IL-17E (IL-25) and IL-17RB promote respiratory syncytial virus-induced pulmonary disease

Abstract

One of the most severe pathologic responses of RSV infection is associated with overproduction of cytokines and inflammation, leading to mucus hypersecretion. This study investigated the role of IL-25 in the development of RSV-associated immunopathology. IL-25 and its receptor IL-17RB were increased following RSV infection, and IL-25 blockade using neutralizing antibodies reduced RSV-associated pathology, AHR, and type 2 cytokine production. Likewise, IL-17RB^-/- mice demonstrated a modified inflammatory response during RSV infection characterized by decreased Th2 and increased Th17 cytokine production. Additionally, the IL-17RB^-/- mice demonstrated significantly reduced inflammation and cytokine production in a model of RSV-driven asthma exacerbation. These results indicate that IL-25 regulates the inflammatory response to RSV infection and that its inhibition may enable a reduction in the severity of RSV-associated pulmonary inflammation, including during viral-induced asthma exacerbation.

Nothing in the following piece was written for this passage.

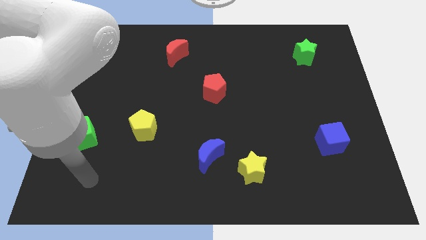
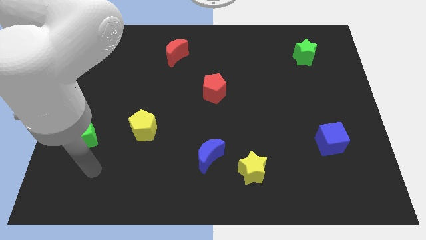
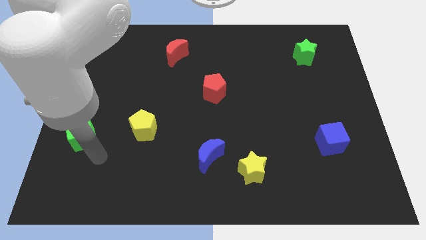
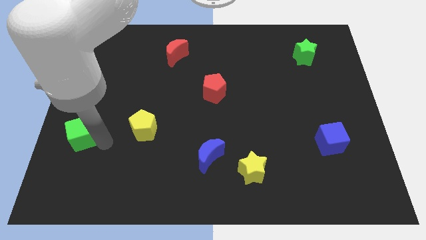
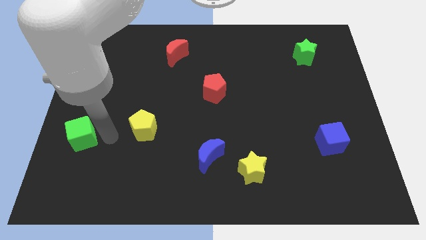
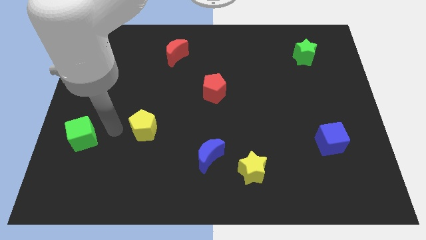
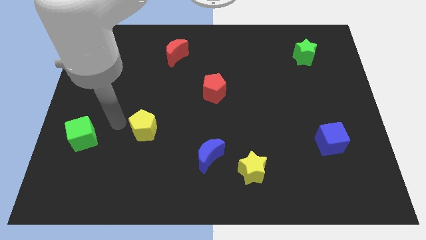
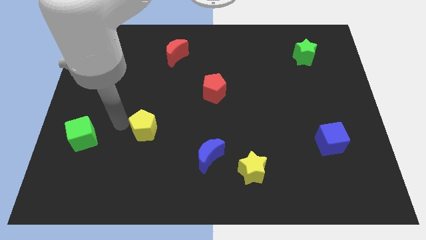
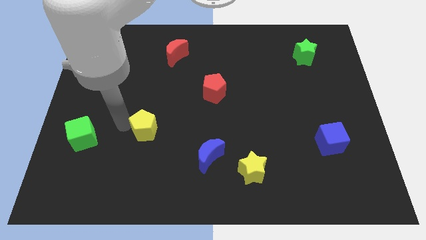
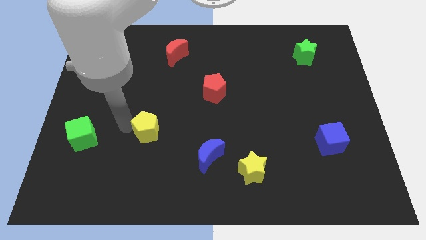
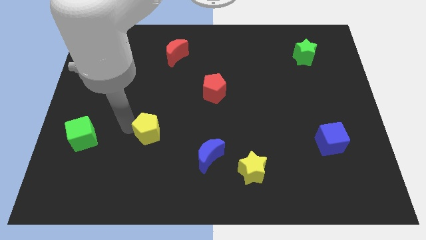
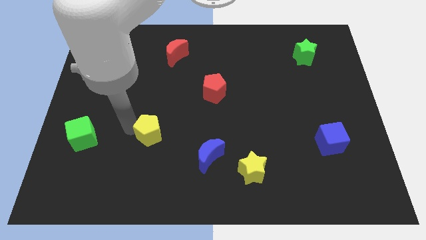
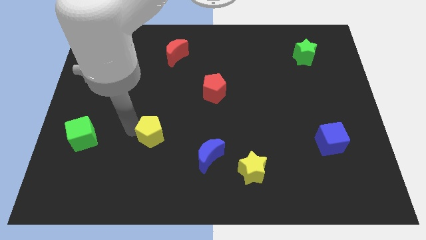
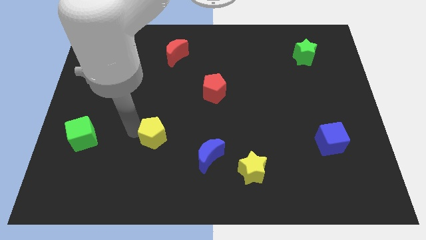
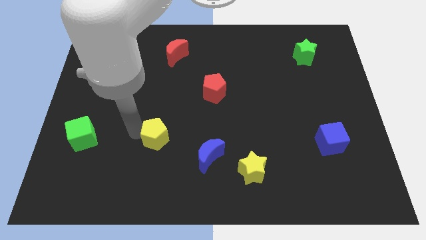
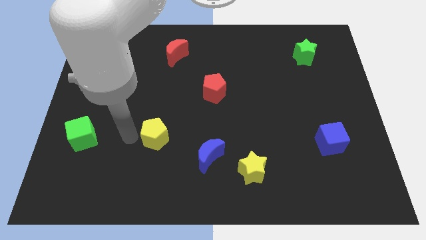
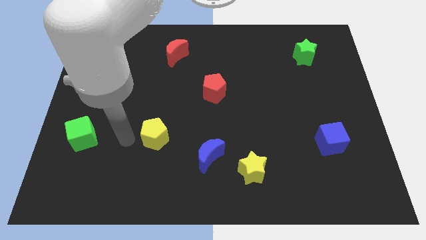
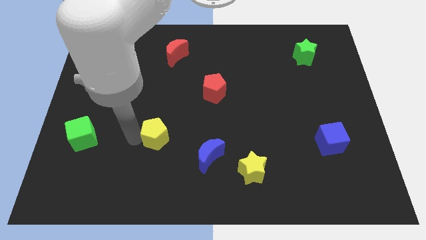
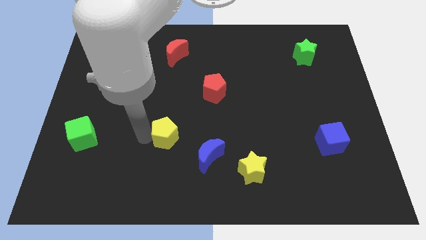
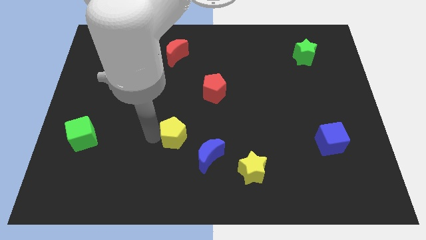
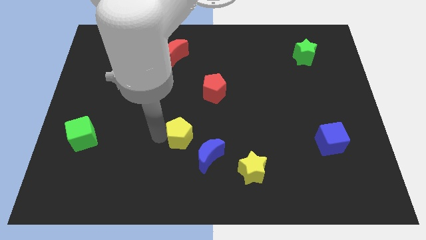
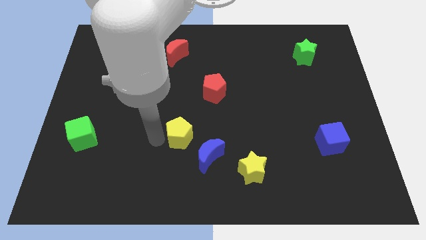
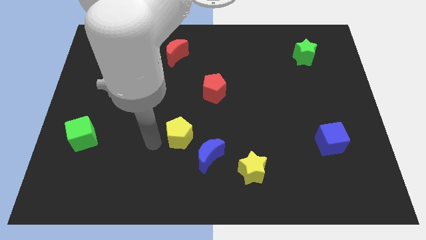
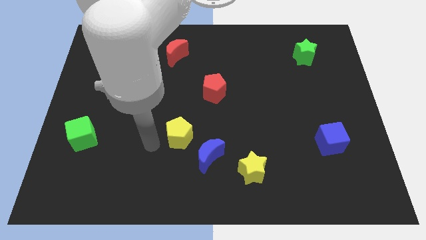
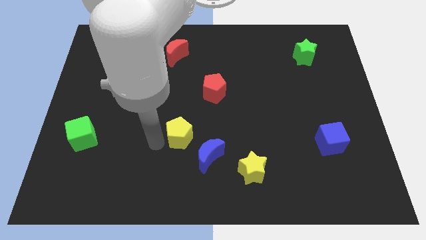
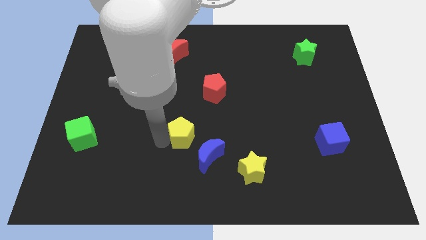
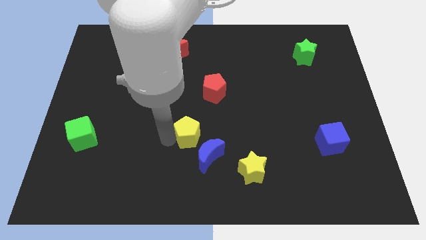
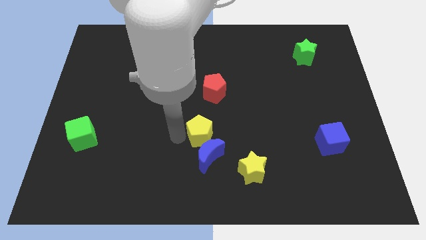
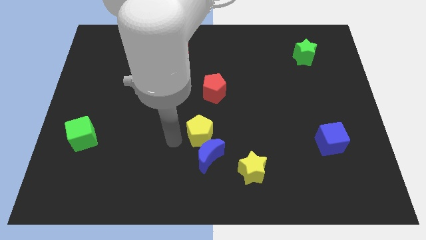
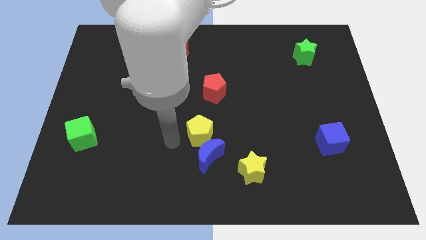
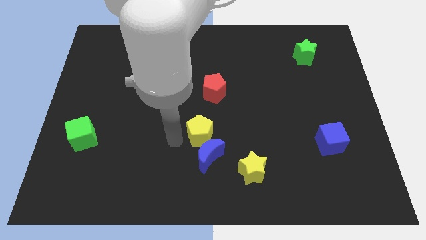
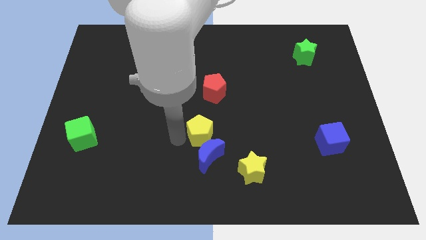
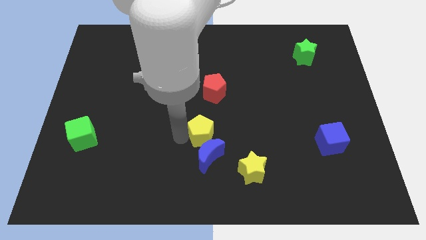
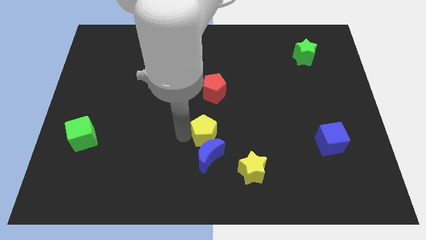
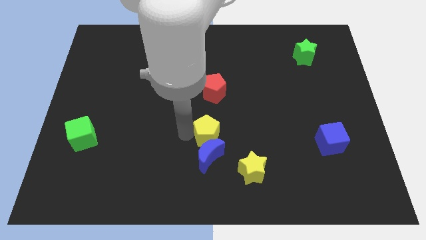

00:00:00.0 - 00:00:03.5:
put the yellow pentagon diagonally up and to the left of the yellow star

Keywords: Th2; cytokines; mucus.

Figure 1.. Expression of IL-25 and its receptor IL-17RB in lungs of RSV-infected Balb/c mice is associated with cytokine responses and T cell cytokine expression.

(A) IL-25 and (B) IL-17RB mRNA expression are both up-regulated during RSV infection in the lungs and (C) correlates to increased expression of RSV-induced cytokines, IFN-γ, and IL-13. (D) Quantitative PCR analysis of RSV-restimulated LN cells from 8-day-infected animals, with or without IL-25. *P<0.05. (E) Flow cytometry of reactivated T cells from RSV-infected mice demonstrates that CD4⁺ IL-17RB⁺ cells (blue line) preferentially express increased transcription factors, GATA3 and T-bet, whereas CD8⁺ T cells did not. Data represents mean ± se from five mice.

Figure 2.. Blockade of IL-25 during RSV infection in Balb/c mice attenuates goblet cell-associated pathology and mucus production.

Naive Balb/c mice were infected with RSV (1×10⁵ PFU/mouse), treated with control or anti-IL-25 polyclonal rabbit anti-mouse antibody on Days 0, 2, 4, and 6, and harvested on Day 8. (A) AHR and (B) mucus-associated pulmonary gob5 expression after 8 days of infection. Cab, control antibody; Ctrl, control. (C) Histologic assessment of PAS-stained lung sections illustrates a reduction in mucus-stained airways (pink). (D) Flow cytometric assessment of individual immune cell populations in lungs of infected mice depicts no reduction in cell accumulation. Mono, Monocyte; Mϕ, macrophage; cDC, conventional dendritic cell; Macs, macrophages. (E) RSV-restimulated lung draining LN culture supernatants were assayed by Bioplex for cytokine levels. Data represent mean ± se from five mice/group. *P < 0.05 and is representative of three repeat studies.

Figure 3.. Infection of IL-17RB^−/− C5BL/6 mice demonstrates a reduction in disease pathology and alteration of cytokine responses.

(A) Examination of lung pathology, 8 days post-RSV infection, demonstrated a reduction in inflammation and PAS-stained mucus production. (B) Quantitative PCR of RSV G protein in the lungs of 8-day-infected mice. The cytokine mRNA expression in the lungs (C) and protein in RSV-rechallenge draining LN cells (D) displayed a different profile in IL-17RB^−/− mice. (E) The mRNA expression of GATA3 and T-bet transcription factors was reduced in IL-17RB^−/− mice. Data represent mean ± se from five mice/group and are representative of three repeat studies. *P < 0.05.

Figure 4.. RSV-induced exacerbation of allergic airway responses is attenuated in IL-17RB^−/− C57BL/6 mice.

Allergic mice were infected with RSV and challenge two times with allergen (see Materials and Methods) to expose animals simultaneously to the stimuli. (A) Flow cytometry analyses indicated that the primary IL-17RB⁺ cell population that was increased was granulocytes. (B) Analysis of all leukocyte subsets indicated no significant change in any individual population. (C) Histological examination reflected the flow cytometry analysis in (B) indicating similar inflammatory cell accumulation in IL-17RB^−/− mice; however, a reduced intensity in the PAS-postitive staining was evident in the RSV-exacerbated animals compared with WT. Arrows indicate PAS-stained goblet cells. (D) Quantitative PCR analysis of whole lung mRNA indicated that RSV-exacerbated IL-17RB^−/− animals demonstrated a reduction in IL-13 and gob5 mucus gene expression. Muc5AC, Mucin 5AC. Data represent mean ± se from five mice/group.*P < 0.05; **P<0.01. This study was repeated twice with similar results.